Maladie d’Alzheimer

Démystifier la maladie d’Alzheimer

 

Auteur : Carol Hudon, Ph.D.

Nous connaissons tous, de près ou de loin, une personne atteinte de la maladie d’Alzheimer. Nous savons tous que cette maladie entraîne une perte graduelle de la mémoire. Mais comment la diagnostique-t-on? Peut-on la prévenir et la traiter? Quel est le rôle du neuropsychologue dans le diagnostic et la prise en charge des personnes atteintes? Voilà autant de questions auxquelles cet article tentera de répondre.

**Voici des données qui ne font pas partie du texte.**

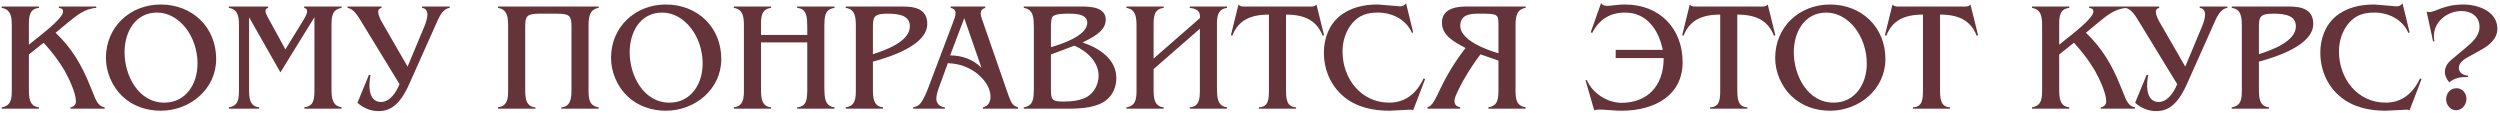<?xml version="1.0" encoding="UTF-8"?> <svg xmlns="http://www.w3.org/2000/svg" width="644" height="29" viewBox="0 0 644 29" fill="none"><path d="M3.04 6.92C3.04 4.72 3 2.44 0.44 2.04V1.68H10.04V2.04C7.48 2.28 7.44 4.4 7.44 6.64V11.52L10.88 8.76C12.04 7.8 16.24 4.48 16.24 3C16.24 2.28 15.8 2.12 15.16 2.04V1.68H24.8V2.04C21.68 2.24 19.6 4.12 17.32 5.96L14.32 8.44C18.44 12.32 21.08 16.8 23.16 22L23.92 23.84C24.52 25.32 25.12 27.4 26.96 27.64V28H18.16V27.64C19 27.52 19.56 26.96 19.56 26.08C19.56 23.96 17.68 20.04 16.64 18.2C15.12 15.6 13.28 13.24 11.24 11L7.44 14.04V22.76C7.44 25.04 7.48 27.4 10.04 27.64V28H0.44V27.64C3 27.24 3.04 25.2 3.04 23.04V6.92ZM31.564 24.84C28.884 22.32 27.284 18.56 27.284 14.92C27.284 6.92 33.524 1.16 41.404 1.16C49.524 1.16 55.684 6.96 55.684 15.2C55.684 23 48.924 28.52 41.404 28.52C37.764 28.52 34.244 27.36 31.564 24.84ZM42.324 26.44C47.924 26.44 50.884 21.56 50.884 16.4C50.884 9.28 46.124 3.24 40.484 3.24C34.764 3.24 32.084 8.32 32.084 13.48C32.084 19.44 35.644 26.44 42.324 26.44ZM64.157 4.44V22.76C64.157 25.04 64.197 27.4 66.757 27.64V28H58.957V27.64C61.517 27.28 61.557 25.24 61.557 23.04V6.92C61.557 4.72 61.517 2.4 58.957 2.04V1.68H69.077V2.04C68.117 2.28 68.277 3.12 68.917 4.32L73.517 12.72L78.077 5.32C79.077 3.68 79.677 2.36 78.357 2.04V1.68H87.997V2.04C85.437 2.44 85.397 4.48 85.397 6.64V22.76C85.397 24.96 85.437 27.24 87.997 27.64V28H78.397V27.64C80.957 27.36 80.997 25.28 80.997 23.04V4.44L72.237 18.64L64.157 4.44ZM102.918 21.68L93.558 6.36C92.278 4.24 91.158 2.24 89.518 2.04V1.68H98.278V2.04C96.438 2.4 97.998 5.12 99.038 6.84L104.998 17.16L109.318 6.8C110.198 4.68 110.718 2.32 108.718 2.04V1.68H115.838V2.04C113.958 2.28 113.078 4.48 112.318 6.2L105.478 21.52C103.918 25.04 101.918 28.04 98.718 28.52C96.278 28.92 93.918 28.12 92.078 26.48L95.038 19.28L95.438 19.32C94.438 24.92 96.438 26.52 98.558 26.24C100.598 25.96 101.998 23.84 102.918 21.68ZM154.213 1.68V2.04C151.653 2.44 151.613 4.76 151.613 6.92V23.04C151.613 25.2 151.653 27.28 154.213 27.64V28H144.573V27.68C147.173 27.4 147.213 25.12 147.213 22.8V7.04C147.213 4.32 147.012 3.52 143.493 3.52C142.613 3.52 139.893 3.52 139.013 3.52C135.493 3.52 135.293 4.32 135.293 7.04V22.8C135.293 25.12 135.333 27.4 137.933 27.68V28H128.293V27.64C130.853 27.28 130.893 25.2 130.893 23.04V6.92C130.893 4.76 130.853 2.44 128.293 2.04V1.68H154.213ZM161.682 24.84C159.002 22.32 157.402 18.56 157.402 14.92C157.402 6.92 163.642 1.16 171.522 1.16C179.642 1.16 185.802 6.96 185.802 15.2C185.802 23 179.042 28.52 171.522 28.52C167.882 28.52 164.362 27.36 161.682 24.84ZM172.442 26.44C178.042 26.44 181.002 21.56 181.002 16.4C181.002 9.28 176.242 3.24 170.602 3.24C164.882 3.24 162.202 8.32 162.202 13.48C162.202 19.44 165.762 26.44 172.442 26.44ZM196.034 22.76C196.034 25.04 196.074 27.4 198.634 27.64V28H189.034V27.64C191.594 27.28 191.634 25.2 191.634 23.04V6.92C191.634 4.72 191.594 2.4 189.034 2.04V1.68H198.634V2.04C196.074 2.32 196.034 4.4 196.034 6.64V9H207.954V6.92C207.914 4.6 207.954 2.24 205.354 2.04V1.68H214.954V2.04C212.394 2.36 212.394 4.44 212.354 6.64V22.76C212.394 25 212.394 27.32 214.954 27.64V28H205.354V27.64C207.914 27.44 207.914 25.32 207.954 23.04V10.92H196.034V22.76ZM232.543 1.68C235.703 1.68 238.863 2.28 238.863 6.16C238.863 11.72 229.103 14.72 224.863 15.88V22.76C224.863 25.04 224.903 27.4 227.463 27.64V28H217.863V27.64C220.423 27.28 220.463 25.24 220.463 23.04V6.92C220.463 4.68 220.423 2.36 217.863 2.04V1.68H232.543ZM224.863 13.96C227.863 13 234.383 10.76 234.383 6.8C234.383 4.16 231.983 3.52 228.623 3.52C224.863 3.52 224.863 4.56 224.863 7.36V13.96ZM241.834 22.64C241.514 23.56 241.194 24.52 241.194 25.48C241.194 26.76 242.234 27.56 243.394 27.64V28H235.234V27.64C236.194 27.44 236.714 27.2 237.314 26.36C238.034 25.32 238.674 23.8 239.114 22.64L245.554 5.64C245.834 4.88 246.154 4.12 246.154 3.32C246.154 2.6 245.594 2.16 244.914 2.04V1.68H253.794V2.04C253.074 2.24 252.634 2.68 252.634 3.48C252.634 3.96 252.834 4.6 252.994 5.04L259.834 24.72C260.434 26.16 260.674 27.24 262.274 27.64V28H253.194V27.64C254.634 27.32 255.154 26.24 255.154 24.84C255.154 21.2 250.594 16.4 244.154 16.28L241.834 22.64ZM248.394 4.68L244.754 14.28C247.714 14.24 250.754 15.32 252.834 17.48L248.394 4.68ZM278.4 1.68C280.76 1.68 284.84 1.76 284.84 5.08C284.84 8.16 281.2 9.72 278.88 10.96C283.08 12.32 287.56 15.2 287.56 20.08C287.56 23.24 285.92 25.8 282.96 26.92C280.08 28.04 276.8 28 273.76 28H263.72V27.64C266.28 27.28 266.28 25.2 266.32 23.04V6.92C266.28 4.72 266.28 2.4 263.72 2.04V1.68H278.4ZM270.72 12.16C273.36 11.4 280.08 9.24 280.08 5.84C280.08 3.48 276.72 3.52 275.04 3.52C274 3.52 271.72 3.56 271.12 4.32C270.76 4.8 270.72 6.12 270.72 6.84V12.16ZM270.72 23C270.72 25.6 270.96 26.16 273.84 26.16C275.92 26.16 278.4 25.96 280.2 24.84C281.96 23.68 283 21.6 283 19.52C283 15.88 279.88 13.08 276.76 11.76L270.72 14.04V23ZM297.167 22.76C297.167 25.04 297.207 27.4 299.767 27.64V28H290.167V27.64C292.727 27.28 292.767 25.2 292.767 23.04V6.92C292.767 4.72 292.727 2.4 290.167 2.04V1.68H299.767V2.04C297.207 2.32 297.167 4.4 297.167 6.64V15.08L309.087 4.68C309.167 3.68 309.167 2.28 306.487 2.04V1.68H316.087V2.04C313.527 2.36 313.487 4.44 313.487 6.64V22.76C313.527 25 313.527 27.32 316.087 27.64V28H306.487V27.64C309.047 27.44 309.087 25.32 309.087 23.04V7.4L297.167 17.8V22.76ZM331.276 22.8C331.276 25.24 331.316 27.56 333.876 27.64V28H324.276V27.64C326.836 27.56 326.876 25.44 326.876 23.04V3.76C321.996 3.76 318.956 5.32 317.436 9.2L317.076 9.08L319.036 1.16C319.556 1.84 320.636 1.68 321.396 1.68H336.756C337.516 1.68 338.596 1.84 339.116 1.16L341.076 9.08L340.716 9.2C339.196 5.32 336.156 3.76 331.276 3.76V22.8ZM364.034 28.4C363.634 28.2 363.154 28.24 362.714 28.28L357.874 28.52C353.674 28.52 349.474 27.64 346.194 24.92C342.754 22.08 341.034 17.92 341.034 13.52C341.034 10.04 342.274 6.52 344.994 4.24C347.874 1.88 351.354 1.16 354.954 1.16L359.354 1.52L360.634 1.64C361.274 1.64 361.914 1.4 362.194 0.8L364.034 8.36L363.714 8.48C362.234 5 358.594 3.24 354.954 3.24C352.314 3.24 350.194 3.84 348.394 5.92C346.674 7.92 345.834 10.6 345.834 13.24C345.834 20.2 350.554 26.44 357.874 26.44C362.114 26.44 364.994 23.92 366.714 20.2L367.114 20.36L364.034 28.4ZM393.002 1.68V2.04C390.442 2.4 390.402 4.72 390.402 6.92V23C390.402 25.2 390.442 27.24 393.002 27.64V28H383.402V27.64C385.962 27.28 386.002 25.28 386.002 22.76V15.6L381.362 14C378.682 17.56 376.242 21.68 375.042 24.56C374.402 26.08 374.482 27.32 376.162 27.64V28H367.722V27.64C368.962 27.32 369.722 25.6 371.082 22.76C372.762 19.24 375.082 15.48 377.522 12.36C374.202 10.6 371.442 9.04 371.442 5.76C371.442 3.04 373.762 1.68 377.522 1.68H393.002ZM386.002 6.88C386.002 3.52 386.002 3.52 380.922 3.52C378.562 3.52 376.162 3.8 376.162 6.68C376.162 10.4 383.162 12.92 386.002 13.72V6.88ZM428.322 12.84C427.202 7.36 424.002 3.24 418.602 3.24C414.842 3.24 411.962 4.92 410.162 8.48L409.762 8.32L412.442 0.8C413.402 2.16 415.042 1.16 418.602 1.16C427.562 1.16 433.442 7.36 433.442 16.04C433.442 24.48 426.362 28.52 417.722 28.52C414.922 28.52 411.602 27.92 410.682 28.44L408.442 20.72L408.762 20.6C410.242 24.08 414.082 26.48 417.722 26.48C424.082 26.48 428.562 22.44 428.562 14.96H416.202V12.84H428.322ZM447.526 22.8C447.526 25.24 447.566 27.56 450.126 27.64V28H440.526V27.64C443.086 27.56 443.126 25.44 443.126 23.04V3.76C438.246 3.76 435.206 5.32 433.686 9.2L433.326 9.08L435.286 1.16C435.806 1.84 436.886 1.68 437.646 1.68H453.006C453.766 1.68 454.846 1.84 455.366 1.16L457.326 9.08L456.966 9.2C455.446 5.32 452.406 3.76 447.526 3.76V22.8ZM461.564 24.84C458.884 22.32 457.284 18.56 457.284 14.92C457.284 6.92 463.524 1.16 471.404 1.16C479.524 1.16 485.684 6.96 485.684 15.2C485.684 23 478.924 28.52 471.404 28.52C467.764 28.52 464.244 27.36 461.564 24.84ZM472.324 26.44C477.924 26.44 480.884 21.56 480.884 16.4C480.884 9.28 476.124 3.24 470.484 3.24C464.764 3.24 462.084 8.32 462.084 13.48C462.084 19.44 465.644 26.44 472.324 26.44ZM499.752 22.8C499.752 25.24 499.792 27.56 502.352 27.64V28H492.752V27.64C495.312 27.56 495.352 25.44 495.352 23.04V3.76C490.472 3.76 487.432 5.32 485.912 9.2L485.552 9.08L487.512 1.16C488.032 1.84 489.112 1.68 489.872 1.68H505.232C505.992 1.68 507.072 1.84 507.592 1.16L509.552 9.08L509.192 9.2C507.672 5.32 504.632 3.76 499.752 3.76V22.8ZM526.048 6.92C526.048 4.72 526.008 2.44 523.448 2.04V1.68H533.048V2.04C530.488 2.28 530.448 4.4 530.448 6.64V11.52L533.888 8.76C535.048 7.8 539.248 4.48 539.248 3C539.248 2.28 538.808 2.12 538.168 2.04V1.68H547.808V2.04C544.688 2.24 542.608 4.12 540.328 5.96L537.328 8.44C541.448 12.32 544.088 16.8 546.168 22L546.928 23.84C547.528 25.32 548.128 27.4 549.968 27.64V28H541.168V27.64C542.008 27.52 542.568 26.96 542.568 26.08C542.568 23.96 540.688 20.04 539.648 18.2C538.128 15.6 536.288 13.24 534.248 11L530.448 14.04V22.76C530.448 25.04 530.488 27.4 533.048 27.64V28H523.448V27.64C526.008 27.24 526.048 25.2 526.048 23.04V6.92ZM560.848 21.68L551.488 6.36C550.208 4.24 549.088 2.24 547.448 2.04V1.68H556.208V2.04C554.368 2.4 555.928 5.12 556.968 6.84L562.928 17.16L567.248 6.8C568.128 4.68 568.648 2.32 566.648 2.04V1.68H573.768V2.04C571.888 2.28 571.008 4.48 570.248 6.2L563.408 21.52C561.848 25.04 559.848 28.04 556.648 28.52C554.208 28.92 551.848 28.12 550.008 26.48L552.968 19.28L553.368 19.32C552.368 24.92 554.368 26.52 556.488 26.24C558.528 25.96 559.928 23.84 560.848 21.68ZM589.574 1.68C592.734 1.68 595.894 2.28 595.894 6.16C595.894 11.72 586.134 14.72 581.894 15.88V22.76C581.894 25.04 581.934 27.4 584.494 27.64V28H574.894V27.64C577.454 27.28 577.494 25.24 577.494 23.04V6.92C577.494 4.68 577.454 2.36 574.894 2.04V1.68H589.574ZM581.894 13.96C584.894 13 591.414 10.76 591.414 6.8C591.414 4.16 589.014 3.52 585.654 3.52C581.894 3.52 581.894 4.56 581.894 7.36V13.96ZM620.714 28.4C620.314 28.2 619.834 28.24 619.394 28.28L614.554 28.52C610.354 28.52 606.154 27.64 602.874 24.92C599.434 22.08 597.714 17.92 597.714 13.52C597.714 10.04 598.954 6.52 601.674 4.24C604.554 1.88 608.034 1.16 611.634 1.16L616.034 1.52L617.314 1.64C617.954 1.64 618.594 1.4 618.874 0.8L620.714 8.36L620.394 8.48C618.914 5 615.274 3.24 611.634 3.24C608.994 3.24 606.874 3.84 605.074 5.92C603.354 7.92 602.514 10.6 602.514 13.24C602.514 20.2 607.234 26.44 614.554 26.44C618.794 26.44 621.674 23.92 623.394 20.2L623.794 20.36L620.714 28.4ZM636.682 14.2C635.442 14.88 633.402 15.8 633.402 17.48C633.402 18.8 634.602 19.44 635.762 19.48V19.84H635.442C633.602 19.84 632.402 20.08 630.922 21.2C630.282 20.44 629.802 19.56 629.802 18.56C629.802 16.76 630.962 15.8 632.242 14.76L634.922 12.52C636.682 11.04 638.722 9.36 638.722 6.88C638.722 4.28 636.562 2.84 634.122 2.84C630.482 2.84 626.962 5.48 626.962 9.36C626.962 9.8 627.042 10.2 627.122 10.64H626.762L625.082 2.96C625.282 3.04 625.522 3.12 625.762 3.12C627.402 3.12 629.482 1.16 634.602 1.16C638.362 1.16 643.322 2.92 643.322 7.4C643.322 10 641.202 11.72 639.122 12.84L636.682 14.2ZM630.122 25.56C630.122 24 631.242 22.72 632.842 22.72C634.322 22.72 635.362 24.04 635.362 25.48C635.362 26.92 634.242 28.4 632.682 28.4C631.202 28.4 630.122 27 630.122 25.56Z" fill="#65333A"></path></svg>

Qu’est-ce que la maladie d’Alzheimer ?

La maladie d’Alzheimer est une maladie dégénérative qui entraîne la mort graduelle des cellules du cerveau, les neurones. C’est la cause d’environ les deux-tiers des démences chez les personnes âgées. Avec le vieillissement de la population que nous connaissons actuellement, le nombre de personnes atteintes de la maladie d’Alzheimer ne cesse d’augmenter. Selon des statistiques de la Société Alzheimer du Canada, environ 747 000 Canadiens âgés de plus de 65 ans étaient atteints de la maladie d’Alzheimer (ou d’une maladie apparentée) en 2011 et ce nombre augmentera à 1,4 million de personnes d’ici 2031.

  • Les symptômes

    Les symptômes les plus connus de la maladie d’Alzheimer sont les troubles de la mémoire et la perte progressive de l’autonomie dans la vie quotidienne. Au début de la maladie, les personnes ont des difficultés à rappeler des faits ou des événements qui se sont déroulés récemment, c’est-à-dire dans les jours, les semaines ou les mois précédents. Au fur et à mesure que la maladie progresse, les pertes de souvenirs affectent les événements plus anciens. Dans le cas de l’autonomie dans la vie quotidienne, les difficultés en début de maladie affectent surtout les tâches complexes (p.ex., gestion du budget ou préparation d’un repas). Ces difficultés s’aggravent tout au long de l’évolution de la maladie jusqu’à affecter des tâches plus simples (p.ex., prendre un bain). Par ailleurs, il faut savoir que plusieurs autres troubles cognitifs, psychologiques ou comportementaux peuvent se manifester à un moment ou à un autre chez les personnes atteintes de la maladie d’Alzheimer. En effet, on observe souvent des troubles du langage (p.ex., difficulté à trouver les bons mots), de l’attention (p.ex., difficulté à partager l’attention entre plusieurs tâches simultanées), de la vitesse de traitement de l’information, des fonctions exécutives (p.ex., difficultés de planification, sensibilité aux distractions, troubles du jugement) et de l’orientation (p.ex., difficulté à se situer dans le temps et l’espace). De plus, la majorité des personnes atteintes d’Alzheimer vont présenter, à un moment ou à un autre, des symptômes de dépression, d’anxiété, d’irritabilité, d’agitation ou encore, des troubles du sommeil.

  • Les causes

    Les causes de la maladie d’Alzheimer demeurent encore inconnues, mais les chercheurs en connaissent maintenant les principaux facteurs de risque. Ces connaissances sur les facteurs de risque représentent un progrès important de la recherche sur la maladie d’Alzheimer. En effet, depuis quelques années plusieurs études s’appuient sur ces connaissances afin de développer des stratégies pour prévenir et traiter la maladie. Nous reviendrons sur cette question un peu plus loin.

  • Le diagnostic

    Le diagnostic de la maladie d’Alzheimer est un processus qui peut être relativement long. En effet, aucun test biologique n’est disponible pour établir un diagnostic rapide (p.ex., par le biais d’une prise de sang ou d’une ponction lombaire). Les examens de neuroimagerie ou l’évaluation neuropsychologique aident au diagnostic, mais les médecins doivent réaliser plusieurs autres examens pour exclure d’autres causes possibles des troubles cognitifs. Ces autres causes incluent notamment l’hypothyroïdie, une carence en vitamine B12, le diabète, un traumatisme crânien, un accident vasculaire cérébral, la dépression ou encore, une autre forme de démence.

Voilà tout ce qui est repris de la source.